Elle est récupérée en 1945 à Ötztal en Autriche où son assemblage était à son début, puis installée à Modane-Avrieux.
Histoire
Avant même la Seconde Guerre mondiale, commence à se poser le problème de l'expérimentation des aéronefs dans de grandes veines à des vitesses élevés. Les puissances demandées d'au moins 50 000 kW sont difficiles voire impossibles à prélever sur un réseau électrique surtout quasiment instantanément. Dès 1939, les ingénieurs Henri Girerd et Marcel Pierre proposent au Groupement français de recherche en aéronautique (GRA, futur ONERA) de relier directement les ventilateurs à des turbines hydrauliques mais le projet reste sans suite en ces temps troublés[1].
En Allemagne en 1934, dans le cadre de l'effort de guerre, le Centre d’essais d'Ottobrunn est prévu. Il doit être muni d'une soufflerie continue de grande taille mais l’impossibilité de prélever l'énorme puissance requise sur le réseau électrique local impose un déplacement sur un emplacement disposant de la possibilité d'alimenter directement la soufflerie par des turbines hydrauliques, décision prise en 1940. La construction est entreprise en 1942 par les entreprises Dingler et MAN[2].
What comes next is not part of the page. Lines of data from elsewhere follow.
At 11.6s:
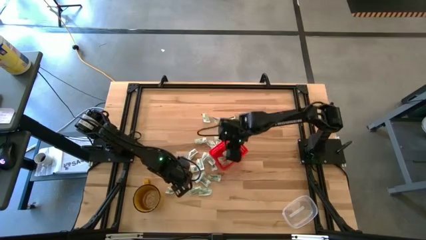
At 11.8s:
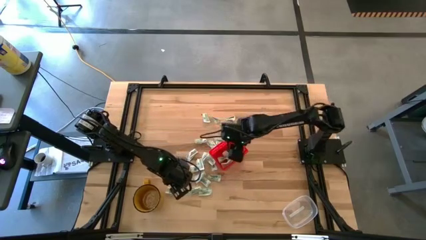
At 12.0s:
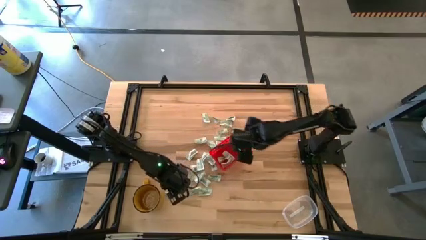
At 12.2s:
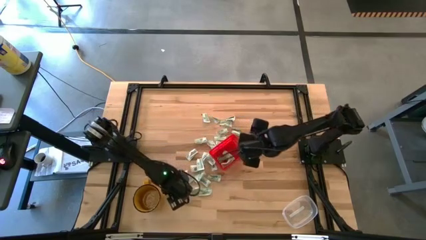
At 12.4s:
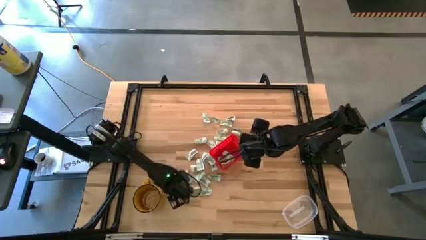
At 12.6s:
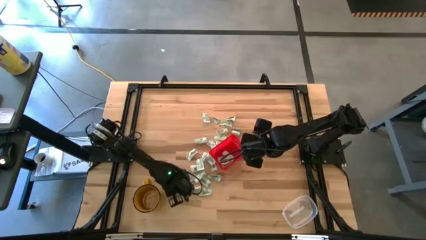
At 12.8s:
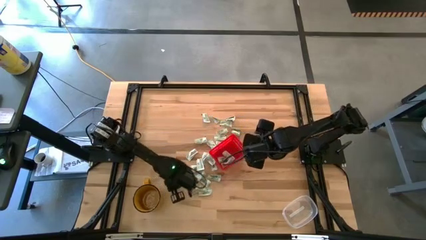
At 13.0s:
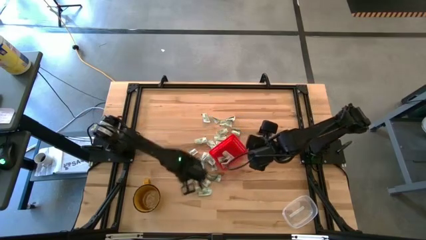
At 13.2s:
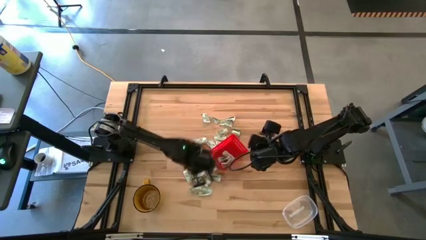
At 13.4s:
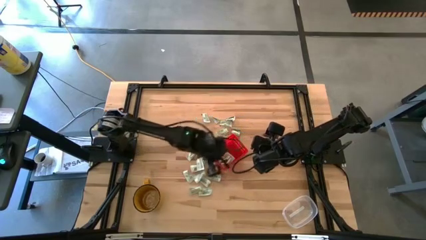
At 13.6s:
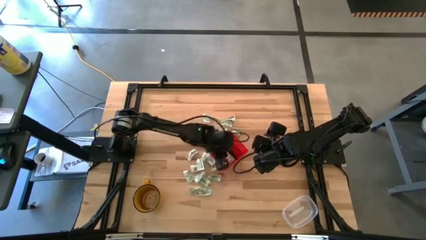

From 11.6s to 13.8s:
Task: Pick and place items into bin
Put the light green stevia packet into the red bin

En 1945, une mission d'investigation est envoyée par le GRA en Autriche et en Allemagne. Elle est dirigée par le chef du département aérodynamique Louis Girerd[3],[2]. Le 11 août 1945, il prévient le directeur du GRA de la découverte sur le versant est de l'Arlberg de la gigantesque soufflerie en construction de 100 000 ch utilisant deux turbines Pelton alimentées par une chute de 650 m. Une turbine est montée, le quart de la tôlerie est en place et les arbres usinés[2]. Le directeur du GRA a trois options : la terminer sur place ce qui en 1945 n'est pas vraiment dans l'air du temps, la détruire ce qui n'est guère plus envisageable et enfin, la ramener en France. Le Ministère de l'Air consulté donne dès le 22 septembre le feu vert au transfert[1].
Le directeur de la soufflerie en construction proteste contre ce démontage et demande à en faire un centre international d'études aérodynamiques en Autriche. Le GRA qui n'a rien contre le centre international mais pas en Autriche reste sur sa position[1].
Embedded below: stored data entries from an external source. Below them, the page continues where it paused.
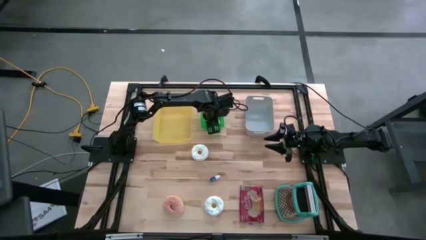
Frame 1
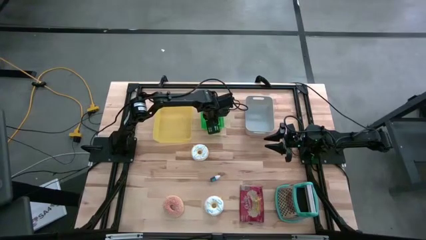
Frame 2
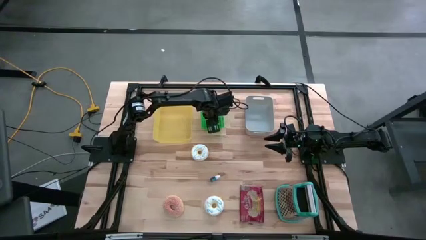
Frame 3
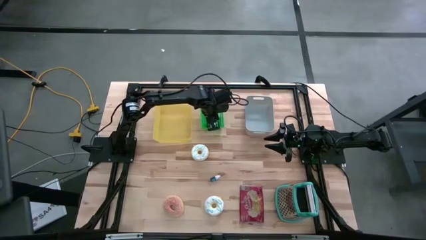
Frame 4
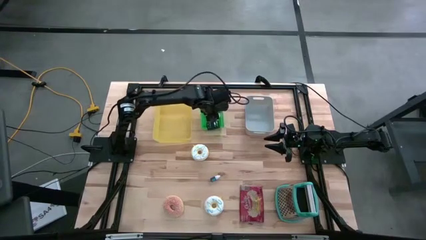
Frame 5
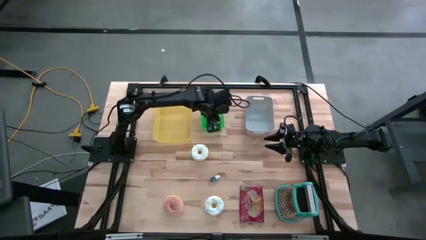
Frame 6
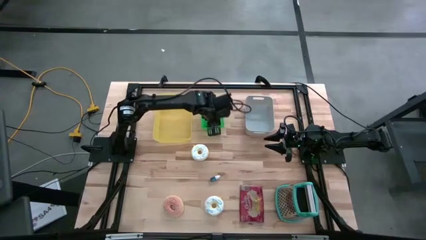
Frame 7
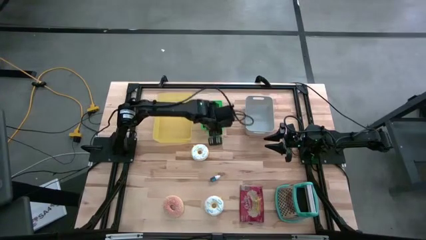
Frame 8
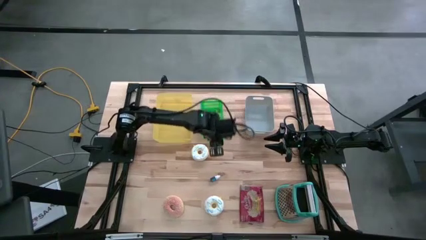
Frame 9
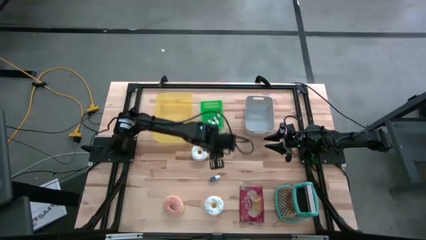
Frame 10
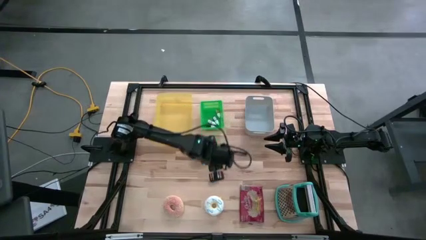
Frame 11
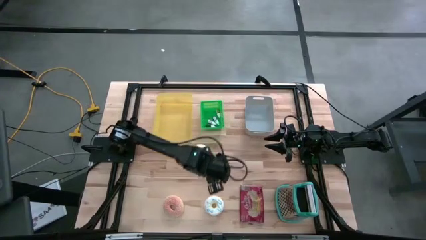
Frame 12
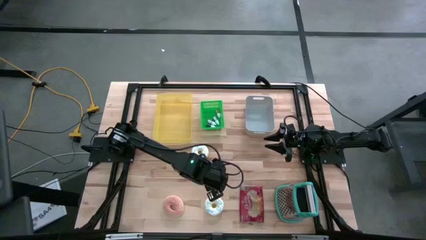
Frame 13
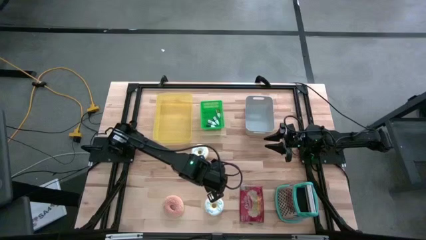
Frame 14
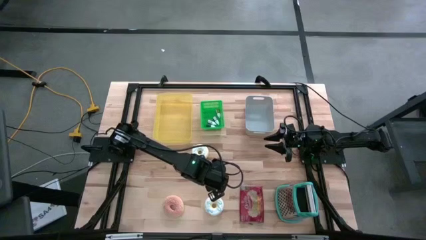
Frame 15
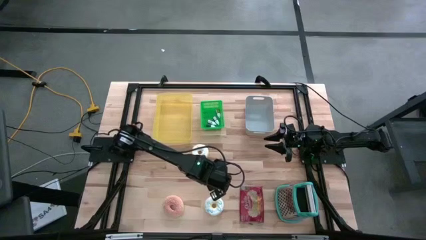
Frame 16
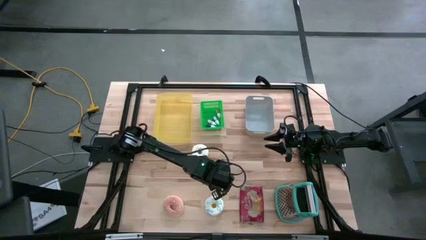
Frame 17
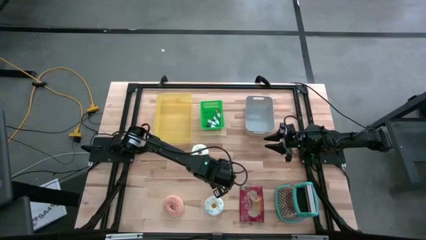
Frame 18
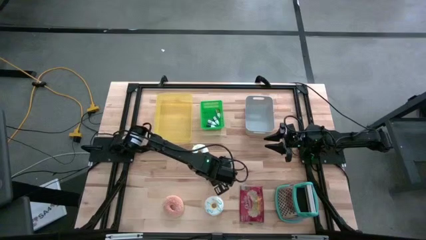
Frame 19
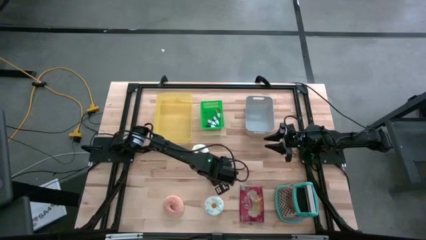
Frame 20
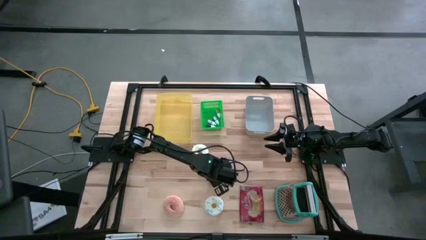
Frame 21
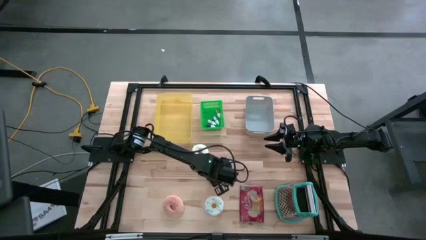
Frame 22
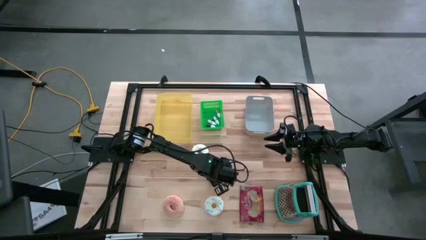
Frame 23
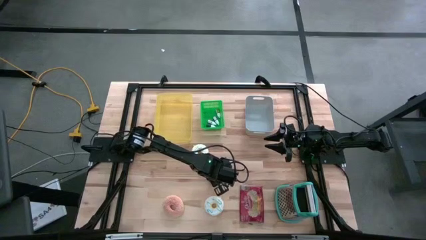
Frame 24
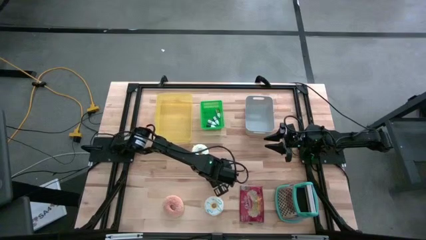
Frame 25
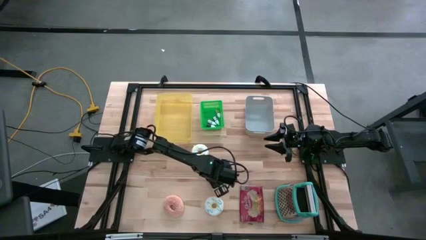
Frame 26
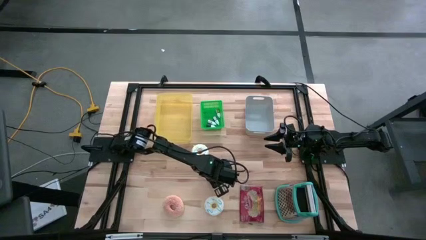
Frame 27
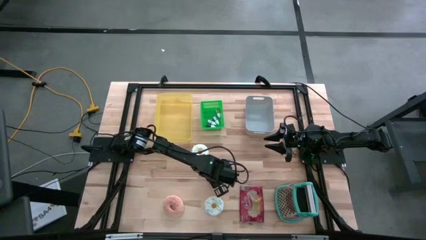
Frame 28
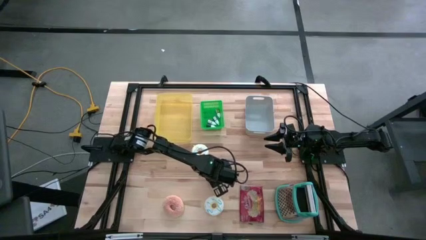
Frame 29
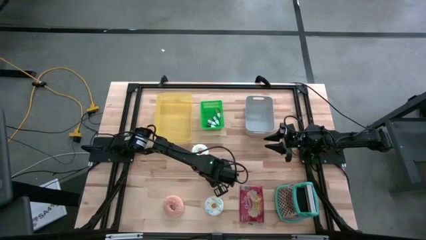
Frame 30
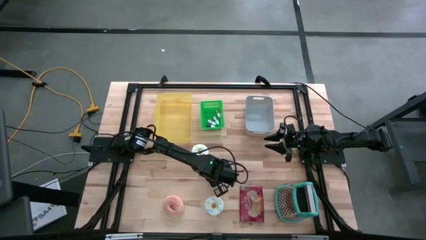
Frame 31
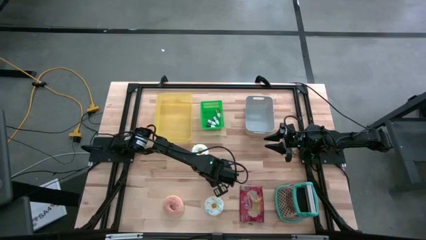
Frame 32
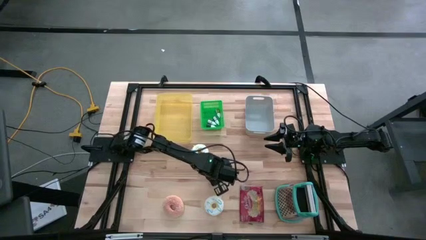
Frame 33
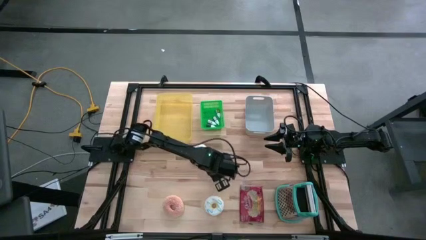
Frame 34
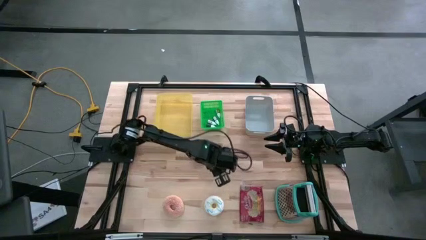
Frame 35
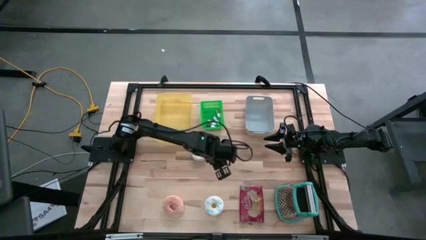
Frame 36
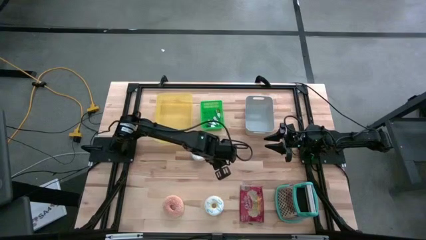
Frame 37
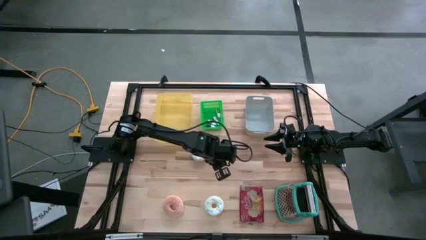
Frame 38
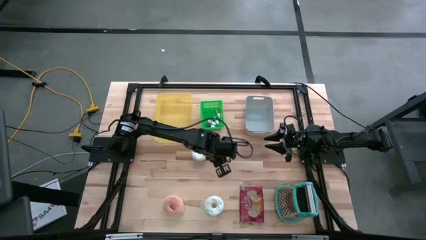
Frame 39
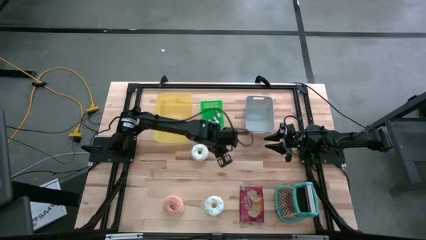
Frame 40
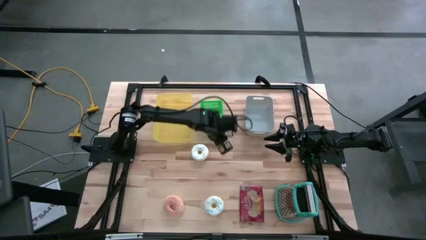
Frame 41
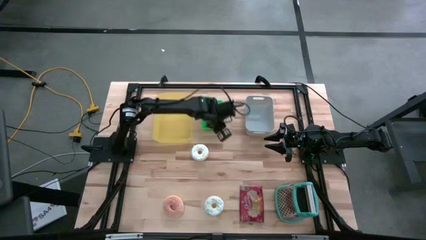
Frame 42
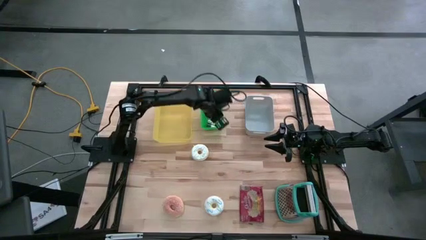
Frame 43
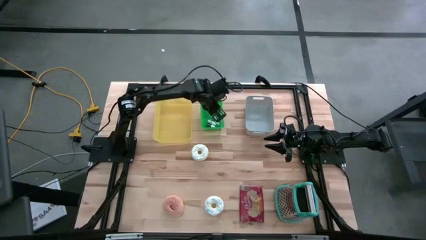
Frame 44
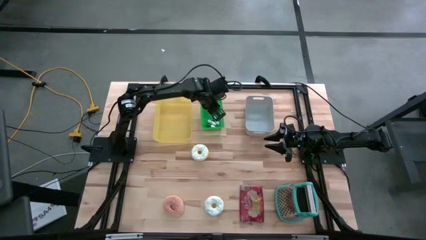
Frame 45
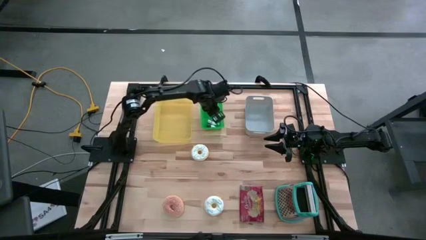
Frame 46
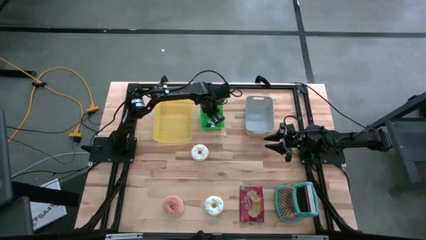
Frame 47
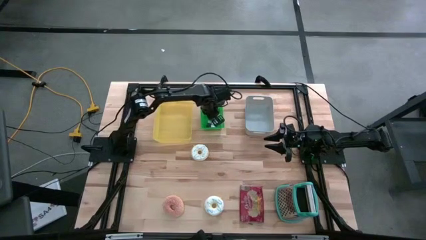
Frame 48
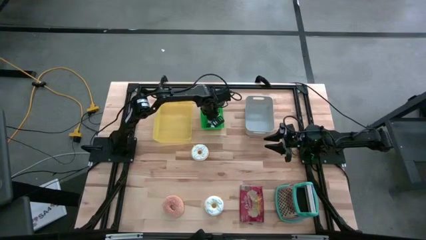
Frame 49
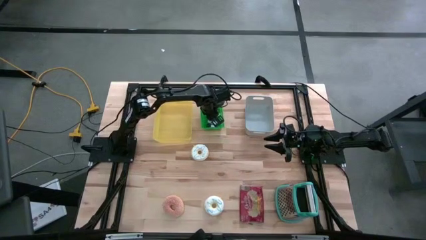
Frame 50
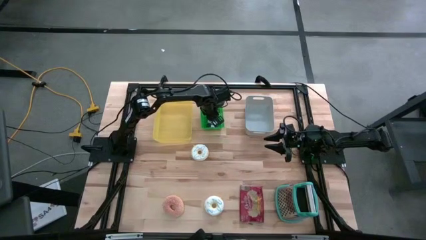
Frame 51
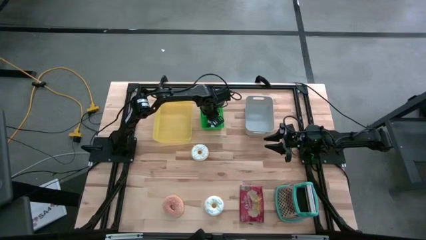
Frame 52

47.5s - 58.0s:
Put the blue food coloring bottle into the green bin

Le matériel est éparpillé en l’Allemagne. Les arbres sont à Essen en zone d'occupation anglaise dans une usine Krupp rasée par les bombardements et les paliers d'arbres et d'autres matériels ont été évacués vers Stuttgart au moment de l'avance des troupes alliées et se trouvent en zone américaine. Au moment où les cinq wagons vont rentrer en zone française, un ordre du gouvernement américain envoie les composants aux États-Unis. Les Anglais laissent les Français récupérer les arbres et, grâce à l’intervention de Theodore von Kármán, les Américains renvoient les paliers[1].
Au mois d'octobre 1945, avec l'aide de société hydraulique de Savoie, le GRA trouve un terrain propice à côté d'Avrieux où un projet de centrale électrique alimentée par un barrage au-dessus d'Aussois est déjà en cours. La chute est de 850 m permettant d'augmenter la puissance de la soufflerie. Le GRA signe avec le gouvernement un marché de 250 millions de francs pour le démontage, transfert et remontage de la soufflerie (pour éviter de devoir faire de multiples appels d'offres chronophages en cas de réalisation par l'État). L'ONERA hérite du contrat en prenant la suite du GRA[1].
Les autorités autrichiennes protestent contre la méthode mais les autorités françaises en Autriche donnant leur feu vert les choses se passent ainsi (la réponse du GRA étant "Vous ne pouvez trouver nos méthodes qu'excellentes puisque ce sont les vôtres avec toutefois les camps de concentration en moins")[1].
La structure déjà montée doit être découpée en parties transportables par chemin de fer. La roue Pelton dont quelques pales sont démontées voyage sur un wagon spécial surbaissé. Le chantier de démontage et le transfert en Savoie sont terminés à la fin du mois de mars 1946. Le matériel ainsi récupéré représente environ 11 % du coût de la soufflerie finie[2]
Un accord avec Saint-Gobain permet un raccordement ferroviaire sur son embranchement et une voie de 5 km est créée avec un pont de 60 m sur l'Arc. Cette voie permet d'acheminer des composants pesant plusieurs dizaines de tonnes. En plus des éléments de la soufflerie 2 474 tonnes de matériel sont récupérés y compris du ciment et une locomotive diesel qui sera utilisée sur le site de Modane-Avrieux[1].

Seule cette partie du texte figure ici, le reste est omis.